Film Reviews

Posted: Sun., Dec. 31, 1939, 11:00pm PT

Too Many Husbands

Columbia. Director Wesley Ruggles; Producer Wesley Ruggles; Screenplay Claude Binyon; Camera Joseph Walker; Editor Otto Meyer, William Lyon; Music Frederick Hollander
Jean Arthur Fred MacMurray Melvyn Douglas Harry Davenport Dorothy Peterson Edgar Buchanan
Too Many Husbands is a light, fluffy and amusing triangle with complications set up when a woman finds herself with two husbands on her hands as the first turns up after reportedly drowning a year previously in boat cruise. Picture is studded with explosive dialog and situations, with the two husbands pitted against each other in highly amusing episodes, while the wife becomes bewildered while enjoying the love and attention showered on her from two sides.

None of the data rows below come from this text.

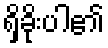
ရှိခိုးပါ၏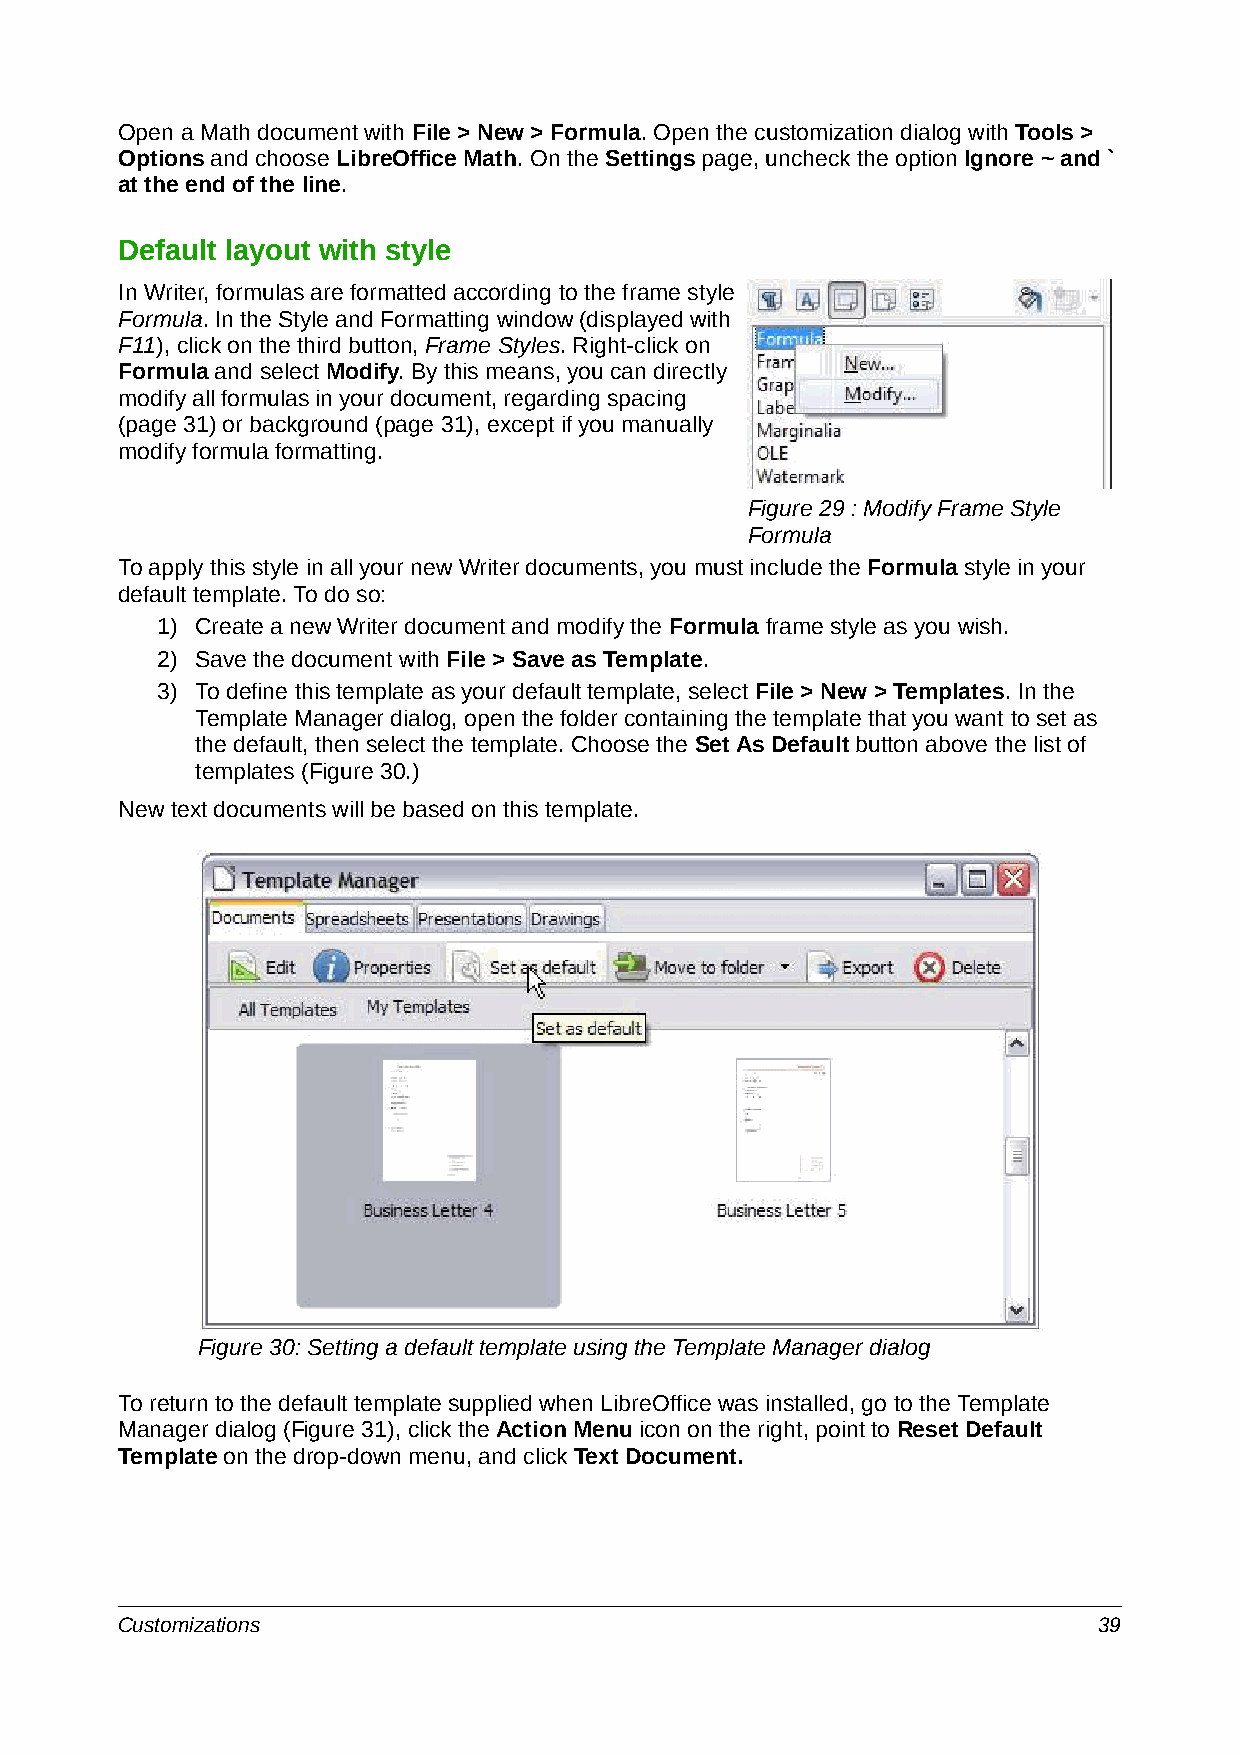
Open a Math document with File > New > Formula. Open the customization dialog with Tools >
 Options and choose LibreOffice Math. On the Settings page, uncheck the option Ignore ~ and `
 at the end of the line.
 Default layout with style
 In Writer, formulas are formatted according to the frame style
 Formula. In the Style and Formatting window (displayed with
 F11), click on the third button, Frame Styles. Right-click on
 Formula and select Modify. By this means, you can directly
 modify all formulas in your document, regarding spacing
 (page 31) or background (page 31), except if you manually
 modify formula formatting.
 Figure 29 : Modify Frame Style
 Formula
 To apply this style in all your new Writer documents, you must include the Formula style in your
 default template. To do so:
 1) Create a new Writer document and modify the Formula frame style as you wish.
 2) Save the document with File > Save as Template.
 3) To define this template as your default template, select File > New > Templates. In the
 Template Manager dialog, open the folder containing the template that you want to set as
 the default, then select the template. Choose the Set As Default button above the list of
 templates (Figure 30.)
 New text documents will be based on this template.
 Figure 30: Setting a default template using the Template Manager dialog
 To return to the default template supplied when LibreOffice was installed, go to the Template
 Manager dialog (Figure 31), click the Action Menu icon on the right, point to Reset Default
 Template on the drop-down menu, and click Text Document.
 Customizations                                                   39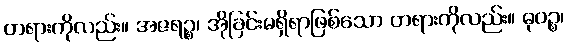
တရားကိုလည်း။ အဇရဉ္စ၊ အိုခြင်းမရှိရာဖြစ်သော တရားကိုလည်း။ ဓုဝဉ္စ၊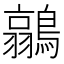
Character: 𮭐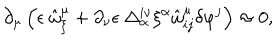
LaTeX: \partial _ { \mu } \left( \epsilon \ \hat { \omega } _ { \xi } ^ { \mu } + \partial _ { \nu } \epsilon \ \Delta _ { \alpha } ^ { i \nu } \xi ^ { \alpha } \hat { \omega } _ { i j } ^ { \mu } \delta \varphi ^ { j } \right) \approx 0 ,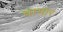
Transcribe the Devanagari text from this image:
चाभार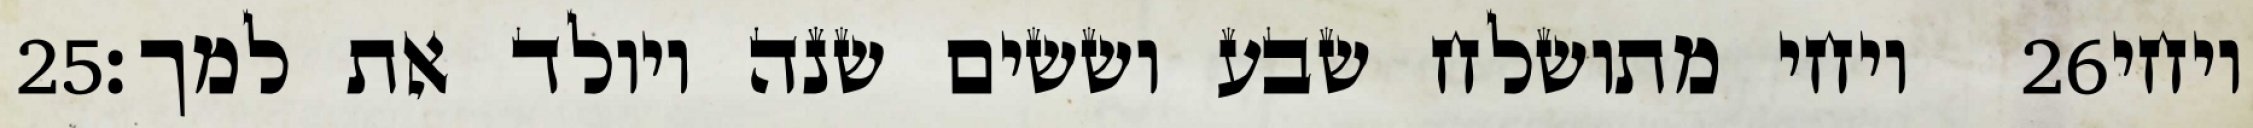
‎25‏ ויחי מתושלח שבע וששים שנה ויולד את למך׃ ‎26‏ ויחי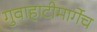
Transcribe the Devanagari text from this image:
गुवाहाटीमार्गेच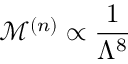
\mathcal { M } ^ { ( n ) } \propto \frac { 1 } { \Lambda ^ { 8 } }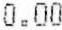
0.00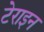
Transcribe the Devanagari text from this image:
टेराइन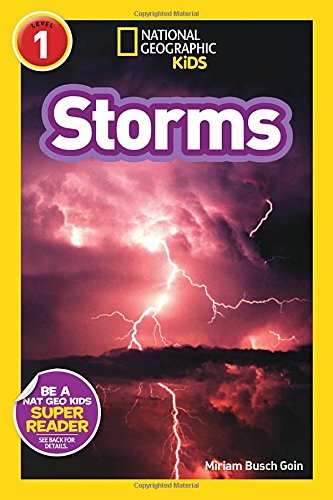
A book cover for National Geographic Readers: Storms!; Miriam Goin; Children's Books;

Husbands is very light in texture but keeps going at a merry pace mainly through deft direction by Wesley Ruggles and intimate dialog and situations provided by scripter Claude Binyon [from play by W. Somerset Maugham]. Finish is rather inconclusive with windup unable to provide a climax to the merry mad mixup of dual husbands displayed throughout.

Jean Arthur, Fred MacMurray and Melvyn Douglas are excellent in the three leads, each taking advantage of individual opportunities to score. Harry Davenport is fine as the wife's father, while Melville Cooper is a bewildered butler.

(B&W) Extract of a review from 1940. Running time: 80 MIN.